> What the exercise asks:
Print every record exactly as it appears. Leave the pictures out.

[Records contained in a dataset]
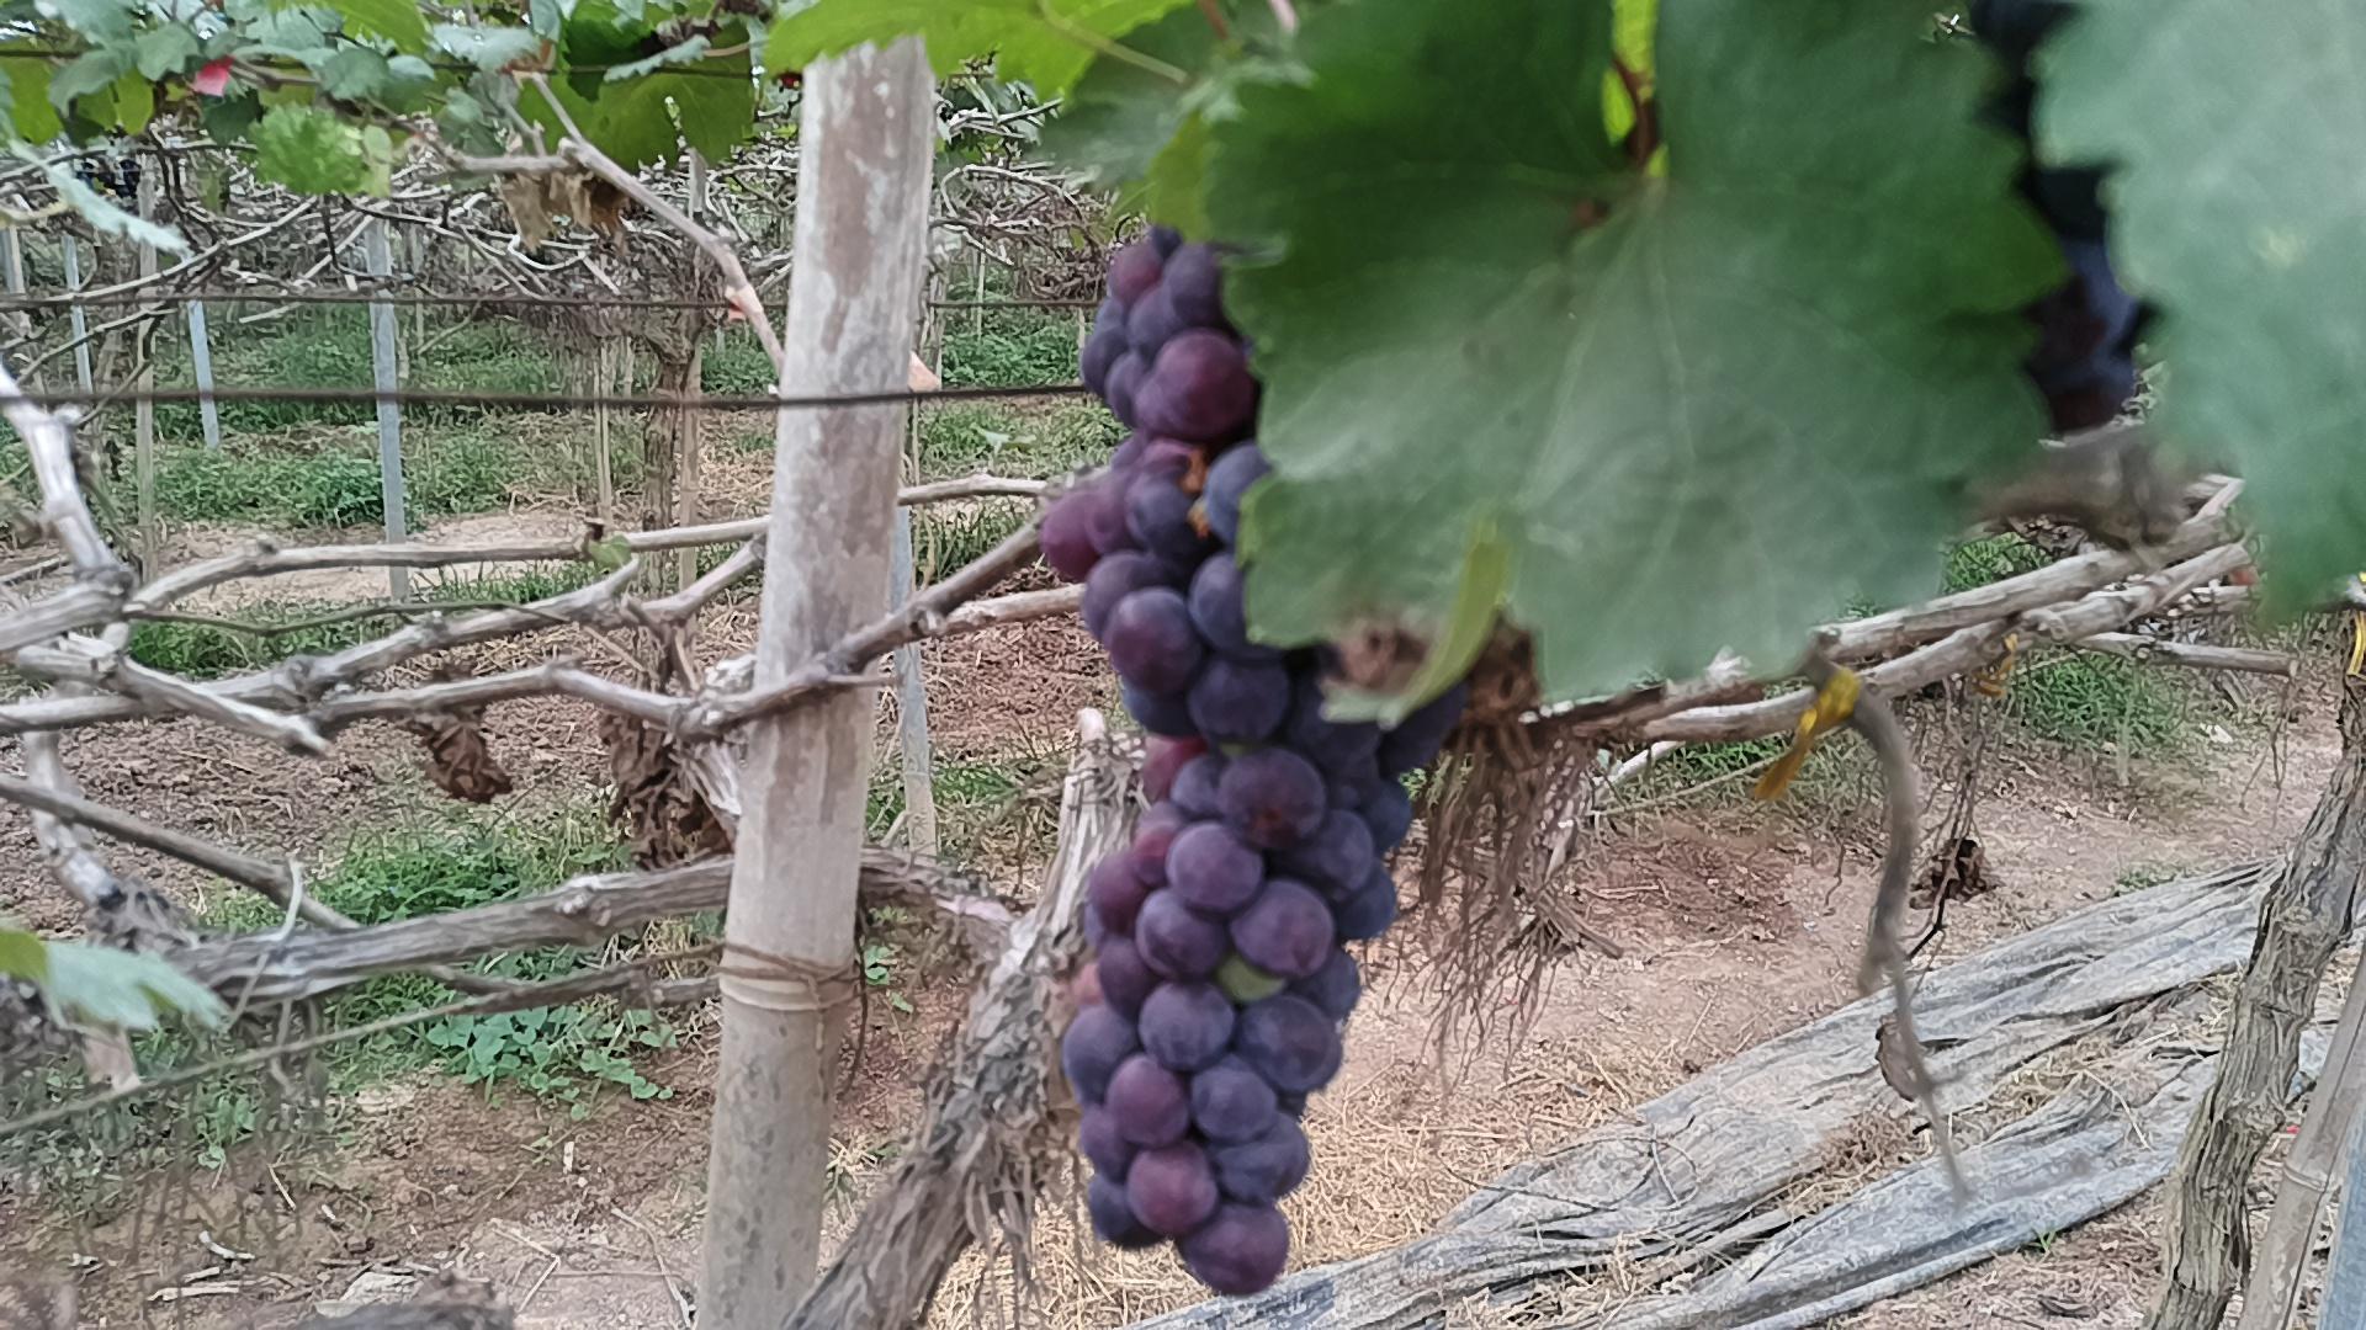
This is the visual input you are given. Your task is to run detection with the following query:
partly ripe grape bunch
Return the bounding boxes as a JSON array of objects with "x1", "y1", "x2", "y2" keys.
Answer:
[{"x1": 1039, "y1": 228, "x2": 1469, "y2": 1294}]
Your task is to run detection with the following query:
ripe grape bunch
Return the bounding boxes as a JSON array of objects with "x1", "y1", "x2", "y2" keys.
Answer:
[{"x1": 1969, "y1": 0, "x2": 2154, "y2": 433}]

> Response for this exercise:
This is the visual input you are given. Your task is to run detection with the following query:
partly ripe grape bunch
Return the bounding boxes as a JSON array of objects with "x1", "y1", "x2", "y2" keys.
Answer:
[{"x1": 1039, "y1": 228, "x2": 1469, "y2": 1294}]
Your task is to run detection with the following query:
ripe grape bunch
Return the bounding boxes as a JSON array of objects with "x1", "y1", "x2", "y2" keys.
Answer:
[{"x1": 1969, "y1": 0, "x2": 2154, "y2": 433}]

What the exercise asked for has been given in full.